Tuesday, June 14, 2016

Potential for gold shortages expanding as miners decide to hold 20-30% of output off the markets

Besides the historic accumulation of gold by countries such as Russia, China, and India over the past four years, and increased speculation in the precious metal by billionaires and well known hedge fund managers, there is another element to add the to the mix that could soon be tightening supplies and driving up prices.

In an interview with SGTReport on June 12, the CFO of MX Gold Corp is joining in with others in the mining industry to hold back between 20 and 30% of their gold output from the market, and stockpile it until prices rise to a more equitable fair value in or out of the Comex.

For years, the Commodities Exchange (Comex) and the London Gold Fix have manipulated and suppressed prices in order to protect paper currencies in the U.S. and Europe, and this has led to an environment where it actually costs mining operations more to take it out of the ground than the price they receive from mints or refiners.

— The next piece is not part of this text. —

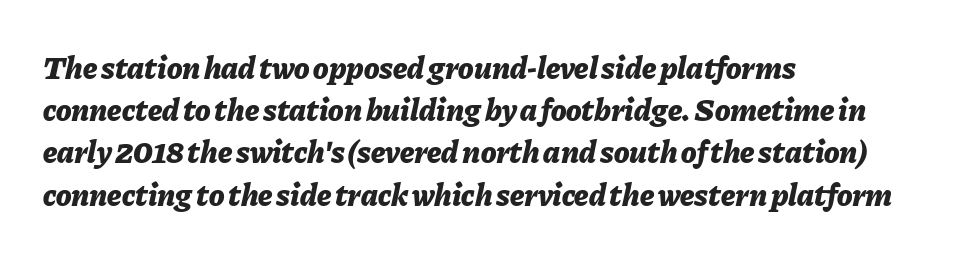
In terms of weight, the rendering is a true, heavy bold. The font's italic variant was chosen for this text. The passage shown stacks its lines at a standard gap. Horizontal alignment here is leftward, the default for most running prose.
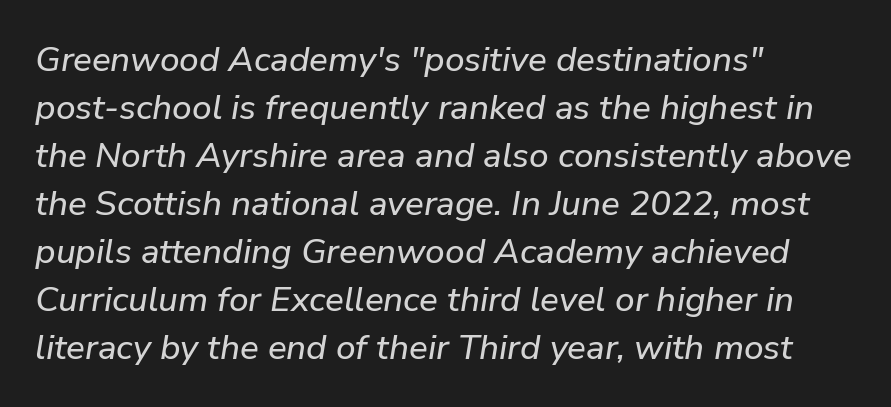
The image shows 35 px text type, italic (leaning right); set left-aligned, normal line spacing (1.37x), normal letter spacing, not underlined; low stroke contrast and a medium x-height.

MX Gold Corp CEO Akash Patel and CFO Kenneth Phillippe say that they are positioning their company to stockpile between 20% to 30% of their physical gold production in coming months, noting that prices are nowhere near where they should be at current supply and demand levels. In an interview with SGT Report, Phillipe appears to be taking the stance of many precious metals investors, which is to stockpile the physical asset in anticipation of any number of potentially cataclysmic economic and monetary events like the hyperinflation we are witnessing in Venezuela. 
We want to pull out the physical gold… We want to take this gold and we want to store it. We believe that having the physical gold in the vault makes a lot more sense than selling it at these prices. Gold is ready to move. We believe it’s going to continue to rise… we’re going to be storing our gold and holding it for the long-term. - Shtfplan.com

Saturday, April 30, 2016

Islamic world and sharia banking will soon have a gold backed currency and financial system

We have talked extensively on how China, Russia, and many of the BRICS nations are preparing for a return to the gold standard in both trade and currencies.  But a new report out from the Middle East shows that the Islamic world is also forging out protocols to institute the use of physical gold in sharia banking.

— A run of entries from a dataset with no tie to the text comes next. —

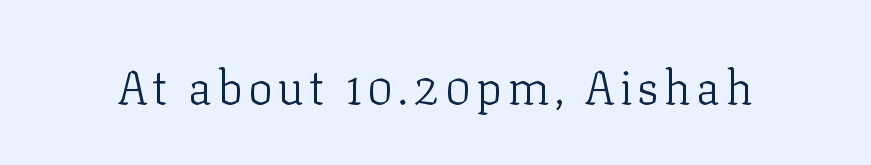
Q: Is the text bold? A: No.
Q: Is the text italic (slanted)? A: No, it is upright.
Q: Is the typeface a serif or a sans-serif typeface? A: Serif.
Q: Is the text underlined? A: No.
Q: Width (condensed, normal, or wide)? A: Normal.
Q: Stroke contrast? A: Low.
Q: x-height? A: Medium.
Q: Monospaced? A: No.

The significance of this new program is that to accommodate Islam's religious mandate for gold backed money, a new and extremely large buying program will have to take place among several Middle Eastern nations, with demand for gold stretching already short supplies to a breaking point, and where prices will skyrocket from this new source of demand.

“Shariah-compliant gold demand may be `hundreds of tons’  …  Gold products used in Islamic finance would need to be physically-backed and allocated to the underlying asset, according to a draft of a standard for Shariah gold being developed.  “We are almost there” with a final proposal, said Mohd Daud Bakar, a Shariah scholar who is writing the draft for the Accounting and Auditing Organisation for Islamic Financial Institutions, the Bahrain-based industry group that sets Shariah standards in finance.”
Shariah finance is non-interest based finance. It’s religiously unacceptable to extract interest from others if you are a Muslim - that’s usury, also known as riba. So financial instruments have to be tailored to Islamic communities to ensure that they are not in violation of the Koran. 
Shariah compliant gold investing will be configured so no precious metals are borrowed, loaned out or earn income.  Thus the investor - consumer or institutional - will be confident that the actual gold holding consists of physical precious metals. The bars will be numbered and noted. The only profit to be earned will be based on the value of gold moving up. This will involve physical precious metal purchases, but ETFs can be structured similarly and already have been. 
The Bloomberg report quoted above indicates the committee formed to develop the Shariah standard is moving fast. It will “meet once more next Sunday and then submit the proposal to AAOIFI’s Shariah Board.” The physical gold backing is the most important aspect and disqualifies COMEX gold futures. However, the Singapore gold contract will qualify as Shariah compliant, according to the Bloomberg analyst. - Dollar Vigilante

Tuesday, March 22, 2016

Gold sales about to ramp up in India as jeweler strike ends with agreement over import duty

With the world's largest population of gold buyers about to shift into high gear following the end of a jewelers strike that has hampered sales of the metal within India, the price of gold is expected to make a sharp move upwards due to the resurgence of people more than ready to purchase tons of the metal for ceremonies, holidays, and personal acquisition.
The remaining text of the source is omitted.